*WHAT IS REQUIRED*
Of all the lines below, return only those starting with the line holding "191.592C151.812 191.592 152.393" and going on through the line holding "150.697C161.788 150.697 160.059", exactly as written.

*DATA SUPPLIED*
______________________________

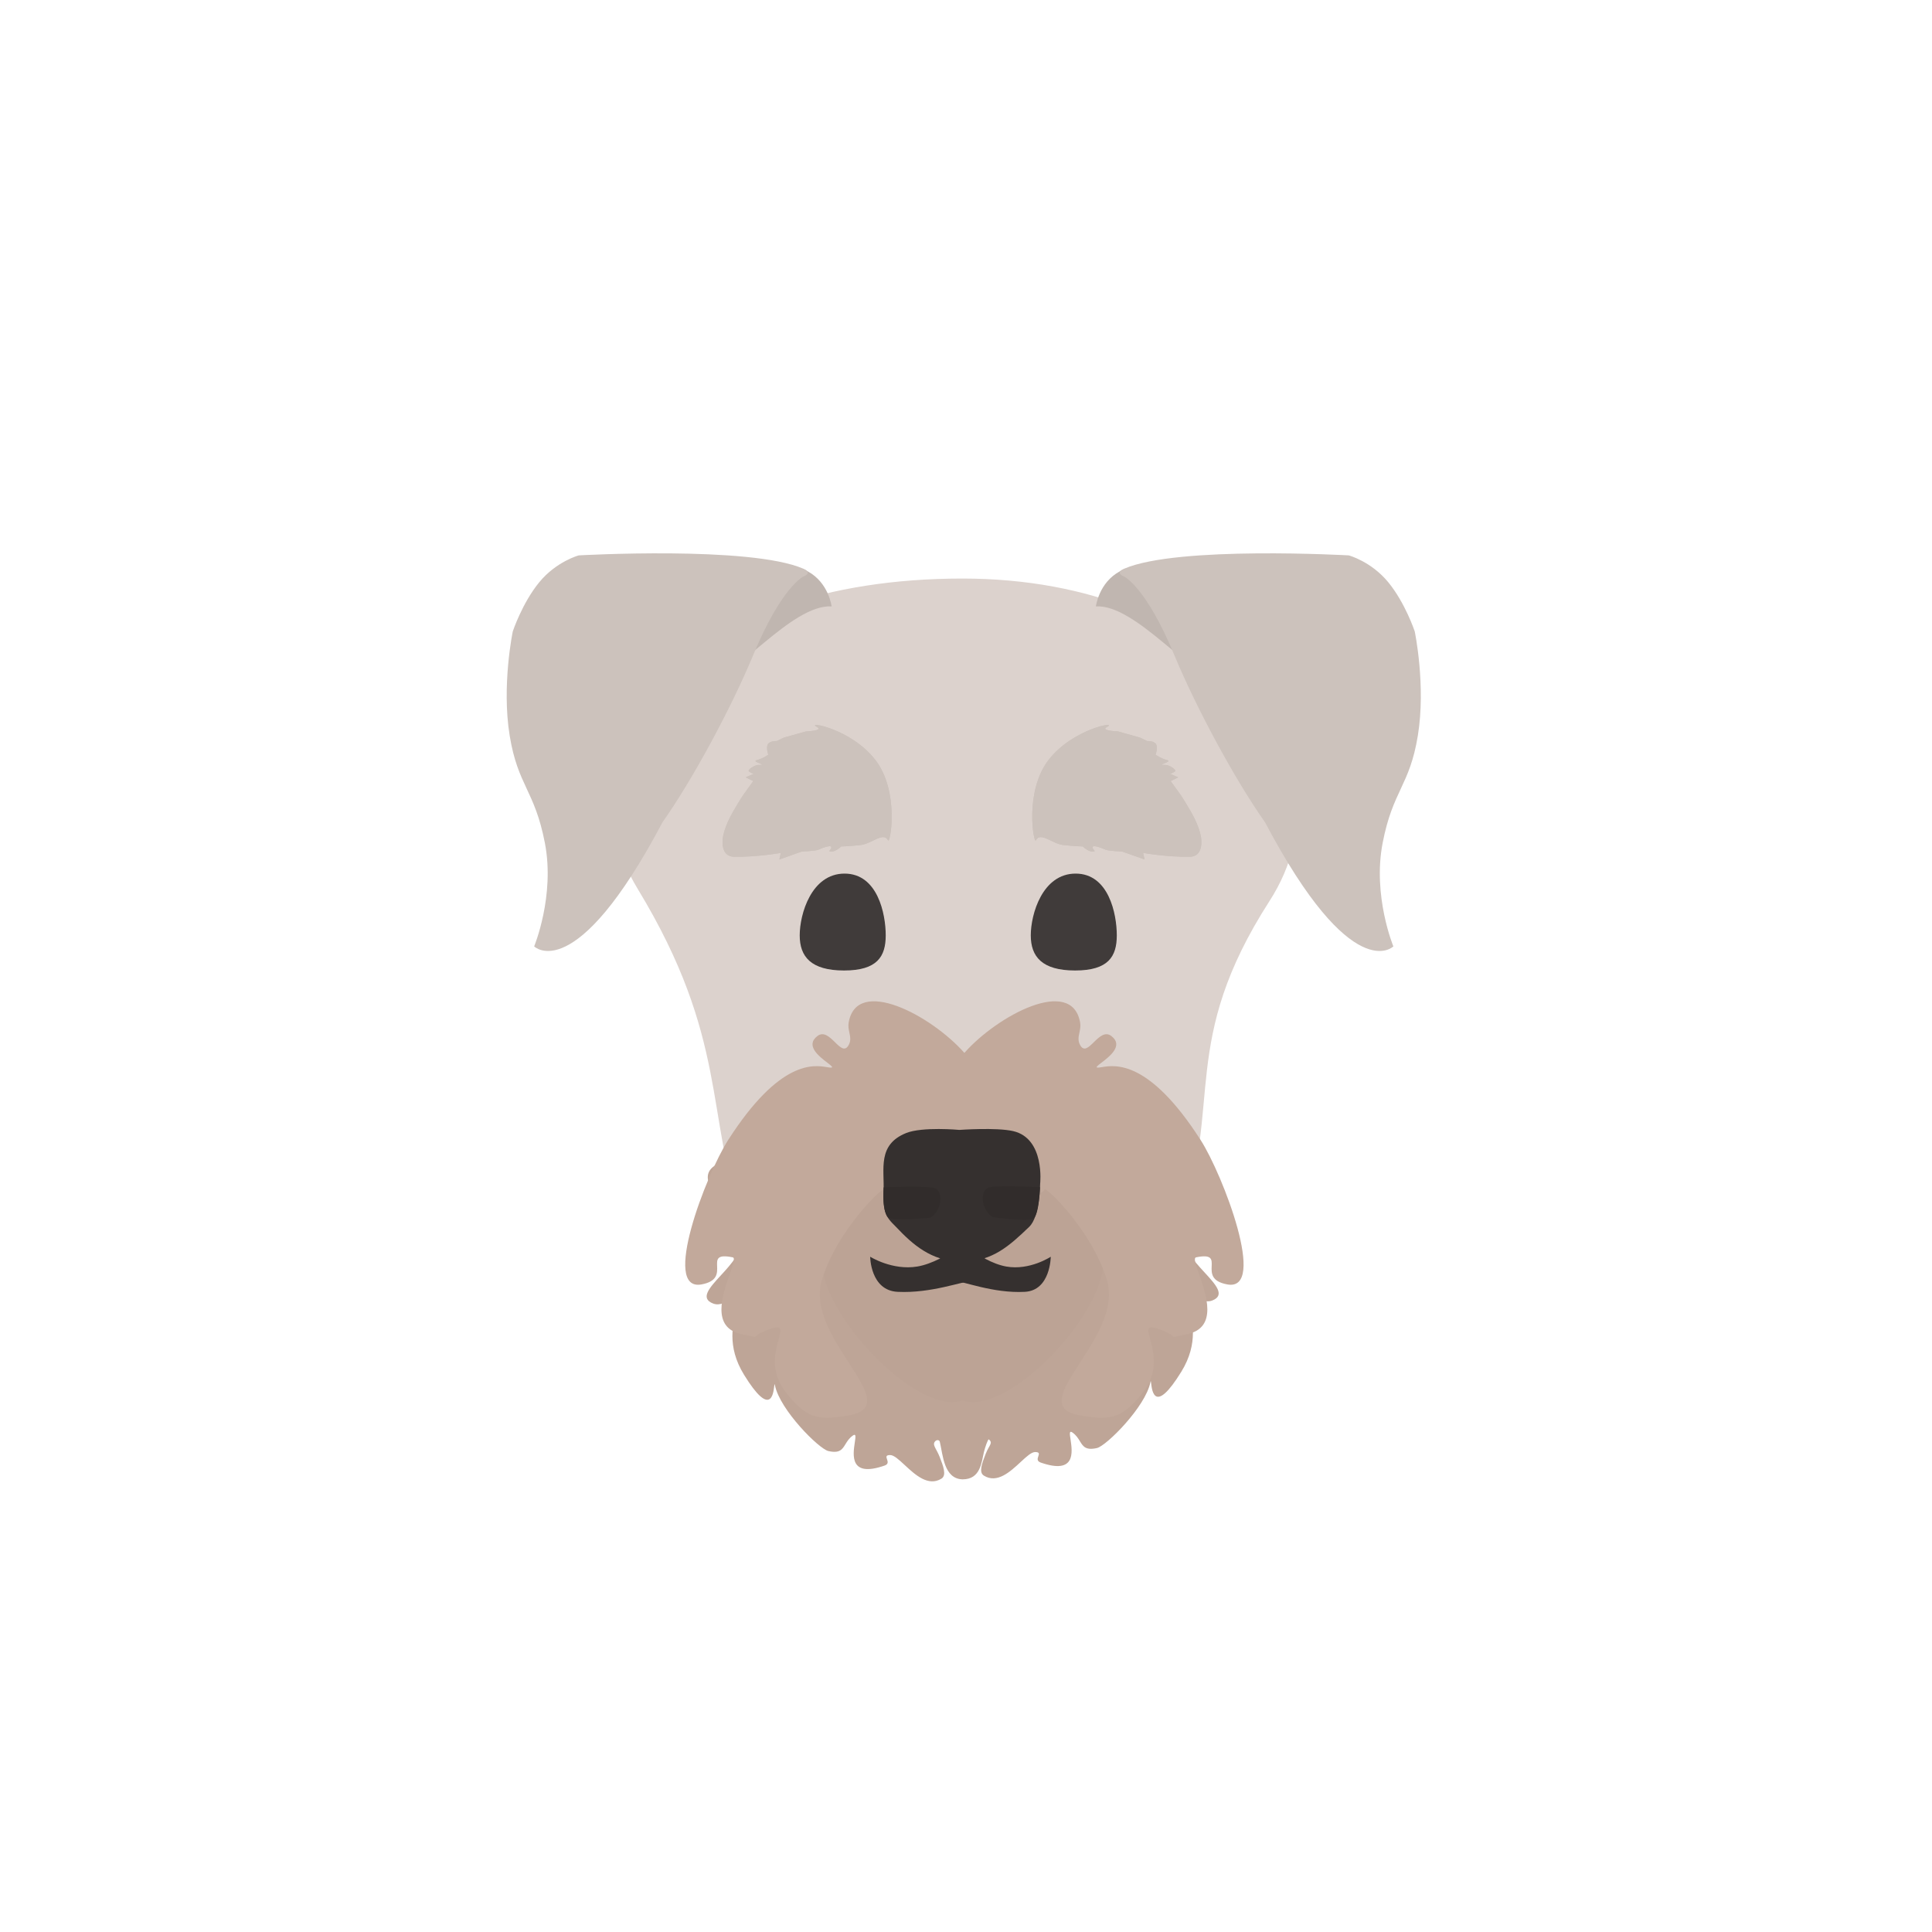 <svg width="300" height="300" viewBox="0 0 300 300" fill="none" xmlns="http://www.w3.org/2000/svg">
<path d="M99.056 138.085C84.965 114.854 106.644 89.836 149.44 89.836C189.52 89.836 211.244 117.981 197.153 139.872C183.061 161.763 189.886 171.556 183.332 189.511C180.025 193.722 181.763 199.636 177.95 204.065C173.97 208.687 158.736 212.245 148.385 212.245C140.758 212.245 124.579 209.876 119.564 204.397C115.3 199.739 120.124 195.42 115.289 189.511C109.492 173.162 113.147 161.316 99.056 138.085Z" fill="#DCD2CD"/>
<path d="M149.313 173.077C152.287 168.458 162.968 167.813 170.34 168.989C173.236 169.452 175.048 170.605 176.857 171.755C178.681 172.916 180.502 174.075 183.431 174.521C181.804 174.711 184.848 174.737 183.431 174.521C183.431 174.521 185.721 178.432 185.721 179.117C185.721 179.358 185.23 180.246 186.266 180.774C188.579 181.951 189.993 183.809 187.583 185.262C186.626 185.838 188.521 184.464 187.437 183.863C186.463 183.322 185.721 182.911 185.721 183.714C185.721 183.912 185.955 184.489 186.266 185.262C187.182 187.531 188.777 191.483 187.14 192.44C186.524 192.799 185.873 192.389 185.329 192.047C184.813 191.722 184.393 191.458 184.194 191.972C183.509 193.742 185.372 195.767 187.024 197.562C188.791 199.482 190.316 201.139 188.231 201.944C187.175 202.352 186.109 201.681 185.338 201.196C184.648 200.762 184.194 200.477 184.194 201.243C184.194 201.596 184.337 202.096 184.518 202.726C185.133 204.879 186.182 208.545 183.431 213.007C179.313 219.685 178.883 215.974 178.746 214.79C178.708 214.468 178.693 214.333 178.631 214.643C177.867 218.461 171.794 224.517 170.34 224.849C168.581 225.251 168.183 224.601 167.684 223.786C167.409 223.336 167.103 222.836 166.521 222.434C166.018 222.086 166.103 222.652 166.233 223.522C166.527 225.484 167.052 228.997 161.612 227.109C160.969 226.885 161.109 226.475 161.23 226.122C161.351 225.769 161.453 225.473 160.74 225.473C160.156 225.473 159.383 226.19 158.485 227.023C156.864 228.526 154.834 230.409 152.776 229.134C151.941 228.617 152.498 227.189 153.055 225.757C153.59 224.383 154.243 224.086 153.549 223.513C153.413 223.402 152.95 224.776 152.776 225.505C152.408 227.041 152.264 229.712 149.482 229.712C146.562 229.655 146.411 225.888 145.954 223.981C145.91 223.513 145.444 223.601 145.309 223.713C144.614 224.285 145.375 224.851 145.91 226.225C146.467 227.656 147.023 229.085 146.189 229.602C144.13 230.876 142.101 228.994 140.479 227.49C139.581 226.657 138.808 225.94 138.225 225.94C137.512 225.94 137.613 226.237 137.734 226.589C137.855 226.943 137.995 227.353 137.352 227.576C131.912 229.465 132.438 225.952 132.731 223.99C132.862 223.119 132.946 222.554 132.443 222.902C131.862 223.304 131.556 223.804 131.281 224.253C130.781 225.069 130.383 225.719 128.625 225.317C127.17 224.984 121.098 218.928 120.334 215.111C120.272 214.8 120.256 214.935 120.219 215.257C120.082 216.441 119.652 220.152 115.534 213.475C112.782 209.012 113.831 205.346 114.447 203.193C114.627 202.564 114.77 202.063 114.77 201.711C114.77 200.944 114.317 201.23 113.627 201.664C112.856 202.149 111.79 202.819 110.734 202.412C108.649 201.607 110.174 199.949 111.94 198.03C113.593 196.234 115.456 194.21 114.77 192.44C114.571 191.925 114.152 192.189 113.636 192.514C113.092 192.857 112.44 193.267 111.825 192.907C110.187 191.95 111.782 187.998 112.698 185.729C113.01 184.957 113.243 184.379 113.243 184.181C113.243 183.378 112.502 183.79 111.528 184.33C110.444 184.932 111.118 184.758 110.161 184.181C110.161 183.714 109.069 181.951 111.382 180.774C112.418 180.246 113.243 179.826 113.243 179.585C113.243 178.9 117.366 175.518 115.534 174.988C114.117 175.204 117.161 175.179 115.534 174.988C118.462 174.542 120.283 173.384 122.108 172.223C123.917 171.072 125.728 169.919 128.625 169.457C135.74 168.321 145.939 168.882 149.313 173.077Z" fill="#BEA597"/>
<path d="M170.172 94.164C170.172 94.164 170.608 90.485 173.892 88.711C176.52 86.96 181.226 90.228 181.226 90.228L188.345 104.52C185.424 105.79 176.428 93.775 170.172 94.164Z" fill="#C0B6B0"/>
<path d="M216.361 146.955C216.361 146.955 210.002 153.372 196.44 127.697C191.791 121.115 185.769 109.977 182.368 101.766C177.948 91.097 174.561 89.53 174.561 89.53C174.561 89.53 173.001 88.979 174.584 88.298C182.886 84.725 209.441 86.24 209.441 86.24C209.441 86.24 212.906 87.171 215.561 90.401C218.217 93.631 219.68 98.047 219.68 98.047C219.68 98.047 221.437 106.43 220.16 114.24C218.884 122.05 216.278 122.693 214.694 130.904C213.109 139.114 216.361 146.955 216.361 146.955Z" fill="#CCC2BC"/>
<path d="M129.133 94.164C129.133 94.164 128.697 90.485 125.412 88.711C122.785 86.96 118.079 90.228 118.079 90.228L110.96 104.52C113.881 105.79 122.876 93.775 129.133 94.164Z" fill="#C0B6B0"/>
<path d="M82.944 146.955C82.944 146.955 89.303 153.372 102.865 127.697C107.513 121.115 113.535 109.977 116.937 101.766C121.357 91.097 124.744 89.53 124.744 89.53C124.744 89.53 126.304 88.979 124.721 88.298C116.418 84.725 89.864 86.24 89.864 86.24C89.864 86.24 86.399 87.171 83.743 90.401C81.088 93.631 79.624 98.047 79.624 98.047C79.624 98.047 77.868 106.43 79.144 114.24C80.421 122.05 83.026 122.693 84.611 130.904C86.195 139.114 82.944 146.955 82.944 146.955Z" fill="#CCC2BC"/>
<path d="M137.631 181.315C137.631 181.315 127.811 190.116 127.603 195.497C127.29 203.582 140.951 218.311 148.319 217.694C148.741 217.659 149.126 217.59 149.481 217.487C149.836 217.59 150.221 217.659 150.643 217.694C158.011 218.311 171.672 203.582 171.359 195.497C171.15 190.116 161.33 181.315 161.33 181.315C157.67 181.556 155.382 181.219 153.777 180.982C151.702 180.676 150.767 180.538 149.481 182.034C148.195 180.538 147.259 180.676 145.185 180.982C143.579 181.219 141.292 181.556 137.631 181.315Z" fill="#BCA395"/>
<path d="M149.75 163.492C144.588 157.653 133.061 151.541 131.782 158.766C131.679 159.348 131.787 159.858 131.891 160.345C132.027 160.988 132.155 161.592 131.782 162.273C131.194 163.344 130.473 162.638 129.658 161.838C128.834 161.03 127.912 160.126 126.933 160.87C124.983 162.351 127.214 164.057 128.47 165.018C129.085 165.488 129.467 165.78 129.012 165.78C128.861 165.78 128.662 165.747 128.415 165.706C126.384 165.369 121.109 164.495 113.079 177.001C109.609 182.407 102.656 200.586 108.923 199.445C111.446 198.986 111.395 197.67 111.353 196.603C111.312 195.546 111.28 194.732 113.77 195.237C114.199 195.324 113.833 196.362 113.328 197.797C112.199 201.004 110.372 206.191 115.157 207.16C116.835 207.5 117.098 207.646 117.263 207.573C117.449 207.491 117.512 207.132 119.312 206.459C121.532 205.628 121.332 206.368 120.897 207.975C120.376 209.901 119.518 213.072 122.084 216.278C125.215 220.19 126.877 220.62 131.782 219.785C136.569 218.969 134.498 215.774 131.801 211.612C129.316 207.775 126.297 203.117 127.626 198.744C130.002 190.926 137.323 184.015 137.323 184.716C137.323 186.132 149.75 186.252 149.75 186.252C149.75 186.252 162.178 186.132 162.178 184.716C162.178 184.015 169.499 190.926 171.874 198.744C173.203 203.117 170.185 207.775 167.699 211.612C165.002 215.774 162.932 218.969 167.719 219.785C172.623 220.62 174.285 220.19 177.416 216.278C179.982 213.072 179.124 209.901 178.603 207.975C178.168 206.368 177.968 205.628 180.188 206.459C181.988 207.132 182.051 207.491 182.237 207.573C182.403 207.646 182.666 207.5 184.343 207.16C189.129 206.191 187.302 201.004 186.172 197.797C185.667 196.362 185.301 195.324 185.73 195.237C188.221 194.732 188.189 195.546 188.148 196.603C188.106 197.67 188.054 198.986 190.578 199.445C196.845 200.586 189.892 182.407 186.421 177.001C178.391 164.495 173.116 165.369 171.085 165.706C170.838 165.747 170.639 165.78 170.489 165.78C170.034 165.78 170.416 165.488 171.03 165.018C172.287 164.057 174.517 162.351 172.567 160.87C171.588 160.126 170.667 161.03 169.842 161.838C169.027 162.638 168.306 163.344 167.719 162.273C167.345 161.592 167.473 160.988 167.61 160.345C167.713 159.858 167.822 159.348 167.719 158.766C166.439 151.541 154.913 157.653 149.75 163.492Z" fill="#C2A99B"/>
<path d="M147.271 185.574H151.944V194.601H147.271V185.574Z" fill="#35302F"/>
<path d="M147.396 191.592C147.396 191.592 146.846 198.851 148.052 198.881C149.579 198.918 154.159 200.857 159.139 200.595C163.137 200.384 163.159 195.145 163.159 195.145C163.159 195.145 159.896 197.318 156.245 196.665C155.174 196.474 154.066 196.025 153.036 195.485C152.099 194.994 151.575 191.609 151.575 191.609L147.396 191.592Z" fill="#35302F"/>
<path d="M151.812 191.592C151.812 191.592 152.393 198.851 151.117 198.881C149.499 198.918 144.65 200.857 139.377 200.595C135.145 200.384 135.121 195.146 135.121 195.146C135.121 195.146 138.576 197.317 142.442 196.665C143.576 196.474 144.749 196.025 145.839 195.485C146.832 194.994 147.386 191.609 147.386 191.609L151.812 191.592Z" fill="#35302F"/>
<path d="M140.702 175.94C143.221 174.922 148.974 175.451 148.974 175.451C148.974 175.451 154.725 175.038 157.326 175.639C162.299 176.787 161.514 183.807 161.514 183.807C161.514 183.807 161.497 188.887 159.821 190.497C156.696 193.501 154.146 195.771 149.719 195.9C145.292 196.029 142.279 193.805 139.587 190.979C137.945 189.254 137.031 188.897 137.199 184.978C137.346 181.518 136.212 177.752 140.702 175.94Z" fill="#35302F"/>
<path d="M137.969 189.091C137.6 188.86 137.349 187.999 137.248 187.102C137.102 185.796 137.211 184.373 137.211 184.373C137.211 184.373 144.315 184.071 145.256 184.541C146.521 185.173 146.244 187.962 144.461 189.085C144.461 189.085 138.877 189.656 137.969 189.091Z" fill="#312C2B"/>
<path d="M160.468 189.213C161.362 188.615 161.485 184.349 161.485 184.349C161.485 184.349 154.357 183.979 153.409 184.434C152.134 185.045 152.365 187.838 154.129 188.99C154.129 188.99 159.58 189.807 160.468 189.213Z" fill="#312C2B"/>
<path d="M131.062 150.697C125.908 150.697 124.179 148.534 124.179 145.24C124.179 141.946 125.989 135.652 131.143 135.652C136.298 135.652 137.535 141.946 137.535 145.24C137.535 148.534 136.216 150.697 131.062 150.697Z" fill="#403B3A"/>
<path d="M166.942 150.697C161.788 150.697 160.059 148.534 160.059 145.24C160.059 141.946 161.87 135.652 167.024 135.652C172.178 135.652 173.416 141.946 173.416 145.24C173.416 148.534 172.097 150.697 166.942 150.697Z" fill="#403B3A"/>
<path d="M160.856 130.486C161.56 129.108 163.391 131.015 165.08 131.212C166.768 131.409 168.131 131.438 168.131 131.438C168.131 131.438 169.24 132.537 169.997 132.158C169.997 132.158 168.532 130.605 171.687 131.946C172.165 132.149 174.239 132.225 174.239 132.225L177.726 133.458L177.509 132.442C177.509 132.442 181.222 133.102 184.764 133.037C187.096 132.993 186.475 129.905 186.475 129.905C186.475 129.905 186.321 128.824 185.544 127.218C184.767 125.612 183.366 123.483 183.366 123.483L181.784 121.287L182.953 120.706L181.652 120.128C181.652 120.128 181.942 120.183 182.466 119.769C182.72 119.568 181.589 118.744 180.906 118.773C179.327 118.839 182.188 118.279 181.247 118.034C180.233 117.77 179.447 117.189 179.447 117.189C179.447 117.189 179.839 116.079 179.508 115.547C179.177 115.016 178.122 115.063 178.122 115.063L177.036 114.537L173.602 113.574C173.602 113.574 170.767 113.471 171.893 112.886C173.749 111.921 166.628 113.086 162.827 117.994C159.026 122.902 160.52 131.142 160.856 130.486Z" fill="#CCC2BC"/>
<path d="M160.856 130.486C161.56 129.108 163.391 131.015 165.08 131.212C166.768 131.409 168.131 131.438 168.131 131.438C168.131 131.438 169.24 132.537 169.997 132.158C169.997 132.158 168.532 130.605 171.687 131.946C172.165 132.149 174.239 132.225 174.239 132.225L177.726 133.458L177.509 132.442C177.509 132.442 181.222 133.102 184.764 133.037C187.096 132.993 186.475 129.905 186.475 129.905C186.475 129.905 186.321 128.824 185.544 127.218C184.767 125.612 183.366 123.483 183.366 123.483L181.784 121.287L182.953 120.706L181.652 120.128C181.652 120.128 181.942 120.183 182.466 119.769C182.72 119.568 181.589 118.744 180.906 118.773C179.327 118.839 182.188 118.279 181.247 118.034C180.233 117.77 179.447 117.189 179.447 117.189C179.447 117.189 179.839 116.079 179.508 115.547C179.177 115.016 178.122 115.063 178.122 115.063L177.036 114.537L173.602 113.574C173.602 113.574 170.767 113.471 171.893 112.886C173.749 111.921 166.628 113.086 162.827 117.994C159.026 122.902 160.52 131.142 160.856 130.486Z" fill="#CCC2BC"/>
<path d="M137.892 130.486C137.188 129.108 135.357 131.015 133.668 131.212C131.98 131.409 130.617 131.438 130.617 131.438C130.617 131.438 129.508 132.537 128.751 132.158C128.751 132.158 130.216 130.605 127.061 131.946C126.583 132.149 124.509 132.225 124.509 132.225L121.022 133.458L121.239 132.442C121.239 132.442 117.526 133.102 113.984 133.037C111.652 132.993 112.273 129.905 112.273 129.905C112.273 129.905 112.427 128.824 113.204 127.218C113.981 125.612 115.382 123.483 115.382 123.483L116.964 121.287L115.795 120.706L117.096 120.128C117.096 120.128 116.806 120.183 116.282 119.769C116.028 119.568 117.159 118.744 117.842 118.773C119.421 118.839 116.56 118.279 117.501 118.034C118.515 117.77 119.301 117.189 119.301 117.189C119.301 117.189 118.909 116.079 119.24 115.547C119.571 115.016 120.626 115.063 120.626 115.063L121.712 114.537L125.146 113.574C125.146 113.574 127.981 113.471 126.855 112.886C124.999 111.921 132.12 113.086 135.921 117.994C139.722 122.902 138.228 131.142 137.892 130.486Z" fill="#CCC2BC"/>
<path d="M137.892 130.486C137.188 129.108 135.357 131.015 133.668 131.212C131.98 131.409 130.617 131.438 130.617 131.438C130.617 131.438 129.508 132.537 128.751 132.158C128.751 132.158 130.216 130.605 127.061 131.946C126.583 132.149 124.509 132.225 124.509 132.225L121.022 133.458L121.239 132.442C121.239 132.442 117.526 133.102 113.984 133.037C111.652 132.993 112.273 129.905 112.273 129.905C112.273 129.905 112.427 128.824 113.204 127.218C113.981 125.612 115.382 123.483 115.382 123.483L116.964 121.287L115.795 120.706L117.096 120.128C117.096 120.128 116.806 120.183 116.282 119.769C116.028 119.568 117.159 118.744 117.842 118.773C119.421 118.839 116.56 118.279 117.501 118.034C118.515 117.77 119.301 117.189 119.301 117.189C119.301 117.189 118.909 116.079 119.24 115.547C119.571 115.016 120.626 115.063 120.626 115.063L121.712 114.537L125.146 113.574C125.146 113.574 127.981 113.471 126.855 112.886C124.999 111.921 132.12 113.086 135.921 117.994C139.722 122.902 138.228 131.142 137.892 130.486Z" fill="#CCC2BC"/>
</svg>

______________________________

*RESPONSE TO THIS TASK*
<path d="M151.812 191.592C151.812 191.592 152.393 198.851 151.117 198.881C149.499 198.918 144.65 200.857 139.377 200.595C135.145 200.384 135.121 195.146 135.121 195.146C135.121 195.146 138.576 197.317 142.442 196.665C143.576 196.474 144.749 196.025 145.839 195.485C146.832 194.994 147.386 191.609 147.386 191.609L151.812 191.592Z" fill="#35302F"/>
<path d="M140.702 175.94C143.221 174.922 148.974 175.451 148.974 175.451C148.974 175.451 154.725 175.038 157.326 175.639C162.299 176.787 161.514 183.807 161.514 183.807C161.514 183.807 161.497 188.887 159.821 190.497C156.696 193.501 154.146 195.771 149.719 195.9C145.292 196.029 142.279 193.805 139.587 190.979C137.945 189.254 137.031 188.897 137.199 184.978C137.346 181.518 136.212 177.752 140.702 175.94Z" fill="#35302F"/>
<path d="M137.969 189.091C137.6 188.86 137.349 187.999 137.248 187.102C137.102 185.796 137.211 184.373 137.211 184.373C137.211 184.373 144.315 184.071 145.256 184.541C146.521 185.173 146.244 187.962 144.461 189.085C144.461 189.085 138.877 189.656 137.969 189.091Z" fill="#312C2B"/>
<path d="M160.468 189.213C161.362 188.615 161.485 184.349 161.485 184.349C161.485 184.349 154.357 183.979 153.409 184.434C152.134 185.045 152.365 187.838 154.129 188.99C154.129 188.99 159.58 189.807 160.468 189.213Z" fill="#312C2B"/>
<path d="M131.062 150.697C125.908 150.697 124.179 148.534 124.179 145.24C124.179 141.946 125.989 135.652 131.143 135.652C136.298 135.652 137.535 141.946 137.535 145.24C137.535 148.534 136.216 150.697 131.062 150.697Z" fill="#403B3A"/>
<path d="M166.942 150.697C161.788 150.697 160.059 148.534 160.059 145.24C160.059 141.946 161.87 135.652 167.024 135.652C172.178 135.652 173.416 141.946 173.416 145.24C173.416 148.534 172.097 150.697 166.942 150.697Z" fill="#403B3A"/>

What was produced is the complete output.